◆ Work item
Below are entries; output exactly the lines from the one with "Answer: ވޯޓަރ ކޮލިޓީ" to the one with "အကျိုးငှာရိုသေစွာစီရင်အပ်သော အလှူကိုခံထိုက်သည်။ ဒက္ခိဏေယျော၊", both included, and nothing else.

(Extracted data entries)
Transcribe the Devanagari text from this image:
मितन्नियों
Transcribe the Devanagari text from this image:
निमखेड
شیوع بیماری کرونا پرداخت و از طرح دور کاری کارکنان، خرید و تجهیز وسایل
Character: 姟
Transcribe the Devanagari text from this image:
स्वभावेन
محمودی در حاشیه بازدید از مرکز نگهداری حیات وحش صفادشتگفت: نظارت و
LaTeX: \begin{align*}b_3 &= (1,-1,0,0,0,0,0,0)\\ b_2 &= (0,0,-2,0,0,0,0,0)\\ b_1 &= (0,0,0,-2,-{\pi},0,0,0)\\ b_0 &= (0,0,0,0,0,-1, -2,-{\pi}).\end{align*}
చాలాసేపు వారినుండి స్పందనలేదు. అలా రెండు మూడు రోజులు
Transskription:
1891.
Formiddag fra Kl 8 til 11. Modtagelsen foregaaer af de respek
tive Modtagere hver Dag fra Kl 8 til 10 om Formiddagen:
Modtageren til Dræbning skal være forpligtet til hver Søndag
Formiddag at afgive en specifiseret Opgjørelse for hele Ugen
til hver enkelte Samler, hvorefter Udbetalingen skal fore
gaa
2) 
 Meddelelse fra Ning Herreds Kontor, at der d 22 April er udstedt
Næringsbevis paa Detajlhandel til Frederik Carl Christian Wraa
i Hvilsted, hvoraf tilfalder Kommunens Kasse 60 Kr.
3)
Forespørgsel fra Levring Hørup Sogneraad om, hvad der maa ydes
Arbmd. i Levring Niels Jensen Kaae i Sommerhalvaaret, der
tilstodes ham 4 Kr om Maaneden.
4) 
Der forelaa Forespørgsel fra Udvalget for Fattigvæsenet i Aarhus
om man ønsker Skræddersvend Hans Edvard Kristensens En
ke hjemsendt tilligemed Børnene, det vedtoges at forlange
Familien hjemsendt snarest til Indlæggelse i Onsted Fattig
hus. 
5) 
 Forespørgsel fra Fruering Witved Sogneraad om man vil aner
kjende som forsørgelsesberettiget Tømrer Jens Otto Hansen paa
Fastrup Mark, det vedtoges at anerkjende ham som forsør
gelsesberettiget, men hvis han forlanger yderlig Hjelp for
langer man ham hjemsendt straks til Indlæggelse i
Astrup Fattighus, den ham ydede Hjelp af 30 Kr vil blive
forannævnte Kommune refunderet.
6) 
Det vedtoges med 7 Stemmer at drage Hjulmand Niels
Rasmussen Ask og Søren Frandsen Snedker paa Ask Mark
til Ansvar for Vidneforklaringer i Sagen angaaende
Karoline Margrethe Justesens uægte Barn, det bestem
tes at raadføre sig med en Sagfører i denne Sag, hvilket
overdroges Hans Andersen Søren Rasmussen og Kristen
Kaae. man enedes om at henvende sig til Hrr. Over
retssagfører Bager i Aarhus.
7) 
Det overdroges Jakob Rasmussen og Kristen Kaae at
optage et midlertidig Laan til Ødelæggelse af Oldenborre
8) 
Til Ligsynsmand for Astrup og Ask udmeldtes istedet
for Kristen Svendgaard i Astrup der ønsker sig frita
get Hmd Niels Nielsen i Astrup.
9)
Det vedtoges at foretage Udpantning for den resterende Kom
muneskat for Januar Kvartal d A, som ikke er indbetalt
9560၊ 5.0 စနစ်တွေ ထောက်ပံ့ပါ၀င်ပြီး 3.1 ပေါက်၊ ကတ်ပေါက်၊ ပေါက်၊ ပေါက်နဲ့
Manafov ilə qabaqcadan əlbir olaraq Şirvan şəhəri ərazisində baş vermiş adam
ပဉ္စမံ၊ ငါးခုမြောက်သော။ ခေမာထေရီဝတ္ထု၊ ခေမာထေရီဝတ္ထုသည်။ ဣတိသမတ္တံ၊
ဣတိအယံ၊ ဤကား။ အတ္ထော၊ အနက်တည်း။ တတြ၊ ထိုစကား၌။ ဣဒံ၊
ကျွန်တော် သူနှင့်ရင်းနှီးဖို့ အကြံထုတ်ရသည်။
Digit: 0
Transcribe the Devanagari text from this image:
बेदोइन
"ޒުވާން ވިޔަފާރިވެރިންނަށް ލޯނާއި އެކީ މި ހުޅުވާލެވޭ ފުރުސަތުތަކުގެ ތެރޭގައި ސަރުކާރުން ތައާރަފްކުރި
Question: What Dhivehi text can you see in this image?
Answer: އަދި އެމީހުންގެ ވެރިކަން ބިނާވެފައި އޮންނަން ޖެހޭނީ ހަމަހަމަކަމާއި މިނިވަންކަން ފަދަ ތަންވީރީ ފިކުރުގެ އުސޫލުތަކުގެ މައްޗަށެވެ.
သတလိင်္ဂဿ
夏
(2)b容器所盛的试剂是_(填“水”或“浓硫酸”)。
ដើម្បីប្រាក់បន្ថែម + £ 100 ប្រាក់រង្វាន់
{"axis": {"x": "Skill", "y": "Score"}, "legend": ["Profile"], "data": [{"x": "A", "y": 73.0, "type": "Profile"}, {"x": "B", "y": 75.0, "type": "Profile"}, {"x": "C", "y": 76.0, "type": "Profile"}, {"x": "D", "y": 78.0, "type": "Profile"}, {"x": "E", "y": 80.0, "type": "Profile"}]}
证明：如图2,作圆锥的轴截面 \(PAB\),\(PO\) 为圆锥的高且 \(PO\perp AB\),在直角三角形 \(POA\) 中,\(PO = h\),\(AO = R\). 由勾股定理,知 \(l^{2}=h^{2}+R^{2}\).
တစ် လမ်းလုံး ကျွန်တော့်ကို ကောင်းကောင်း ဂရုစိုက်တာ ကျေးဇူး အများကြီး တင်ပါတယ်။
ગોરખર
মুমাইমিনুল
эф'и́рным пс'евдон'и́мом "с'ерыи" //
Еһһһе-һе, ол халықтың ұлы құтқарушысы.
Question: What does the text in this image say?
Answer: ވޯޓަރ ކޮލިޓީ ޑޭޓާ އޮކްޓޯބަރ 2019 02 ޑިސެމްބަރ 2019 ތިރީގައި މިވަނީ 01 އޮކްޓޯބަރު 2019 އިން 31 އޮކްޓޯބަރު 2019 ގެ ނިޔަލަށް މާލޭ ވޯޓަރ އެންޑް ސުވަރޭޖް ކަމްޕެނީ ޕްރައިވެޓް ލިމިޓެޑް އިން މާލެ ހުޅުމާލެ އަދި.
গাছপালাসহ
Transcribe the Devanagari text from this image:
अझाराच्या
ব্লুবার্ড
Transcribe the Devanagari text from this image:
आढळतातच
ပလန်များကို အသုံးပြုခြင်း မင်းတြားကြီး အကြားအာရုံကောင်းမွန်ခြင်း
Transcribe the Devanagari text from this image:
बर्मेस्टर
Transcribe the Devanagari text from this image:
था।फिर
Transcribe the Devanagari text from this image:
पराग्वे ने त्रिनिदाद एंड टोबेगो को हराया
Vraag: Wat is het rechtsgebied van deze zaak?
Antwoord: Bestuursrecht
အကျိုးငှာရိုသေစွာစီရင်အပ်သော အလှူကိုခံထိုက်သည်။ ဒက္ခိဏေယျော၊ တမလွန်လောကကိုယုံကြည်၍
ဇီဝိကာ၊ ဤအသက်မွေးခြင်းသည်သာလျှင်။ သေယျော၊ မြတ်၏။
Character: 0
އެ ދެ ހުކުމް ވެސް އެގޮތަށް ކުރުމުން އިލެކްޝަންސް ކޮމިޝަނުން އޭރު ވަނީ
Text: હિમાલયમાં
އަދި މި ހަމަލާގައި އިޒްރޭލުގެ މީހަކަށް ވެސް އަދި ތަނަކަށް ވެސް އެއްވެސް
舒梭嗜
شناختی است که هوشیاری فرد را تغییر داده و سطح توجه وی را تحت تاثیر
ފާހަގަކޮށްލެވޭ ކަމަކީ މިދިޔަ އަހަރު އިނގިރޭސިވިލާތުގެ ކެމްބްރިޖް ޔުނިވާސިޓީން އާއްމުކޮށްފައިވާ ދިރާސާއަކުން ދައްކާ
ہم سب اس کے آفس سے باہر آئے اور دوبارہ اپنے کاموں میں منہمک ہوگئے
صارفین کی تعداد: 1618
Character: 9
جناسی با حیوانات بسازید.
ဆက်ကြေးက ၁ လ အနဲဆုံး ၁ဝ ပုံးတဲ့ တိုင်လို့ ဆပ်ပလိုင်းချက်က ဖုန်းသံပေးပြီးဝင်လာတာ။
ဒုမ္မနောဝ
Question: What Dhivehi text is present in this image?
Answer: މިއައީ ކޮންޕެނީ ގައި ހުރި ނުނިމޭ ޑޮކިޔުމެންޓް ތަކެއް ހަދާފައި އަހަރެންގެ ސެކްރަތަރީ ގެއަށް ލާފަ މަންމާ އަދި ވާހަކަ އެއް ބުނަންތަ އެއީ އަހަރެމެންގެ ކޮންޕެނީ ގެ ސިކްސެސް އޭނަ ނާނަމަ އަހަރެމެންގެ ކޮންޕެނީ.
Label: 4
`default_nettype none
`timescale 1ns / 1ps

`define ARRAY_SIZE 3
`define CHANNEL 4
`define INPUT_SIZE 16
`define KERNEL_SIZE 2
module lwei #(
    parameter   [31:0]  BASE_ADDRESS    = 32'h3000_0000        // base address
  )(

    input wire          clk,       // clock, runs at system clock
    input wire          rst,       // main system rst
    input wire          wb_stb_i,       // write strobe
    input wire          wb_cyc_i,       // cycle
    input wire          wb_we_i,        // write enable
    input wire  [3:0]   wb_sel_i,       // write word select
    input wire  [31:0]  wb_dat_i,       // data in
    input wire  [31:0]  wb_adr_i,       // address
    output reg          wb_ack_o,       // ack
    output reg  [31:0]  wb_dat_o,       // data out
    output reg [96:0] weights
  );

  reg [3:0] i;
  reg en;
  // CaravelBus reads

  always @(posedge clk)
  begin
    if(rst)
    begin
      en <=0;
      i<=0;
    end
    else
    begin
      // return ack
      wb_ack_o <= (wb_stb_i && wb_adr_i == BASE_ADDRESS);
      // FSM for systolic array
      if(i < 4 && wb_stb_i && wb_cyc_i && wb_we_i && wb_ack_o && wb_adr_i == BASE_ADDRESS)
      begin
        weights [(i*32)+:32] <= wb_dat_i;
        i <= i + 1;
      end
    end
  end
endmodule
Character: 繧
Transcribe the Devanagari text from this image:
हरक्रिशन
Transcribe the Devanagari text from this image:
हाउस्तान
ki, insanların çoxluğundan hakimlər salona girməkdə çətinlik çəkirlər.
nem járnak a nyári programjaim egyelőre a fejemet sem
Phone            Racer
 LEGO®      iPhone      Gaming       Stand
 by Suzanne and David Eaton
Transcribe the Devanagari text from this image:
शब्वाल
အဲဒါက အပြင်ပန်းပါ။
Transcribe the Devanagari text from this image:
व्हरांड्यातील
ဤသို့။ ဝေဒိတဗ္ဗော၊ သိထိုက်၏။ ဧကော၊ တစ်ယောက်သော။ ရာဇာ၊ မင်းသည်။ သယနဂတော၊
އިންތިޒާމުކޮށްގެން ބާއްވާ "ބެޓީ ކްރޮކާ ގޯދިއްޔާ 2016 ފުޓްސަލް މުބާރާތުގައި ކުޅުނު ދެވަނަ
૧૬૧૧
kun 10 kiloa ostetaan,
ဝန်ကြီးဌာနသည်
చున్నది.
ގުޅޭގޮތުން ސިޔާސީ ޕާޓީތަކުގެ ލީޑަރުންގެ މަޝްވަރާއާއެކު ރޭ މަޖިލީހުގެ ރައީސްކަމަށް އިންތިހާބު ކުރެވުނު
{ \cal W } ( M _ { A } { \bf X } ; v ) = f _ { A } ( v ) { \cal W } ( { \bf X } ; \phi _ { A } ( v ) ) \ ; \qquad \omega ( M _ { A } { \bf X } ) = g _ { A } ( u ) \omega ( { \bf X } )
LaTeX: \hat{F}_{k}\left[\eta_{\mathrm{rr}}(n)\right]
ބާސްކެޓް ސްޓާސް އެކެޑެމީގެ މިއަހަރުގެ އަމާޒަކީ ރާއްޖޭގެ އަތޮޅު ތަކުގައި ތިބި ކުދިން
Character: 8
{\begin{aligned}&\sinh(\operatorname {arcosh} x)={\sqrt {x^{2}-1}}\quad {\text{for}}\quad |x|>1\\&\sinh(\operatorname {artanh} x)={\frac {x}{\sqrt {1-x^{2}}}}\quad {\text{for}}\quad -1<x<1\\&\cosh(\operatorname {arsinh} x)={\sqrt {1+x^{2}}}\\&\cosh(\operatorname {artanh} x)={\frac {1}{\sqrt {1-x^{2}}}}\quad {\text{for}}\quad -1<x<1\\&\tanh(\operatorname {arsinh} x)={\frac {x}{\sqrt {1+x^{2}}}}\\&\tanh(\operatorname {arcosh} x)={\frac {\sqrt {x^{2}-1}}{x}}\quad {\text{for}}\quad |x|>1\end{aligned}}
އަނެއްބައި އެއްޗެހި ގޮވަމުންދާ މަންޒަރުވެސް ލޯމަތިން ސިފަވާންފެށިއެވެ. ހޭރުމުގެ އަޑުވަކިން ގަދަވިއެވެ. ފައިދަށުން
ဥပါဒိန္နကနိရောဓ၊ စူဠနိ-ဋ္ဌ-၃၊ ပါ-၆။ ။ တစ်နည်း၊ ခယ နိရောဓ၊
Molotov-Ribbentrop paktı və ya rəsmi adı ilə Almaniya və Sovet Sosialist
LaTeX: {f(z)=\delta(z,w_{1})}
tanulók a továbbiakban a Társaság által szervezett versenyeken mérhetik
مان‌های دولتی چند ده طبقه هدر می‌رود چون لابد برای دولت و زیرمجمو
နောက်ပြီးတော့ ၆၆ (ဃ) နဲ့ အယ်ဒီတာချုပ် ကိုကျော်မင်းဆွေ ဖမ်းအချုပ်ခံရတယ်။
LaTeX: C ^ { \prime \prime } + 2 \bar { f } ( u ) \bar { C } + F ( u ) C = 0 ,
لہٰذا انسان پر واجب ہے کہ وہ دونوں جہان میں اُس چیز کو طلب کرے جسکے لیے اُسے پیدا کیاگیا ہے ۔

◆ Task answer
Answer: ވޯޓަރ ކޮލިޓީ ޑޭޓާ އޮކްޓޯބަރ 2019 02 ޑިސެމްބަރ 2019 ތިރީގައި މިވަނީ 01 އޮކްޓޯބަރު 2019 އިން 31 އޮކްޓޯބަރު 2019 ގެ ނިޔަލަށް މާލޭ ވޯޓަރ އެންޑް ސުވަރޭޖް ކަމްޕެނީ ޕްރައިވެޓް ލިމިޓެޑް އިން މާލެ ހުޅުމާލެ އަދި.
গাছপালাসহ
Transcribe the Devanagari text from this image:
अझाराच्या
ব্লুবার্ড
Transcribe the Devanagari text from this image:
आढळतातच
ပလန်များကို အသုံးပြုခြင်း မင်းတြားကြီး အကြားအာရုံကောင်းမွန်ခြင်း
Transcribe the Devanagari text from this image:
बर्मेस्टर
Transcribe the Devanagari text from this image:
था।फिर
Transcribe the Devanagari text from this image:
पराग्वे ने त्रिनिदाद एंड टोबेगो को हराया
Vraag: Wat is het rechtsgebied van deze zaak?
Antwoord: Bestuursrecht
အကျိုးငှာရိုသေစွာစီရင်အပ်သော အလှူကိုခံထိုက်သည်။ ဒက္ခိဏေယျော၊ တမလွန်လောကကိုယုံကြည်၍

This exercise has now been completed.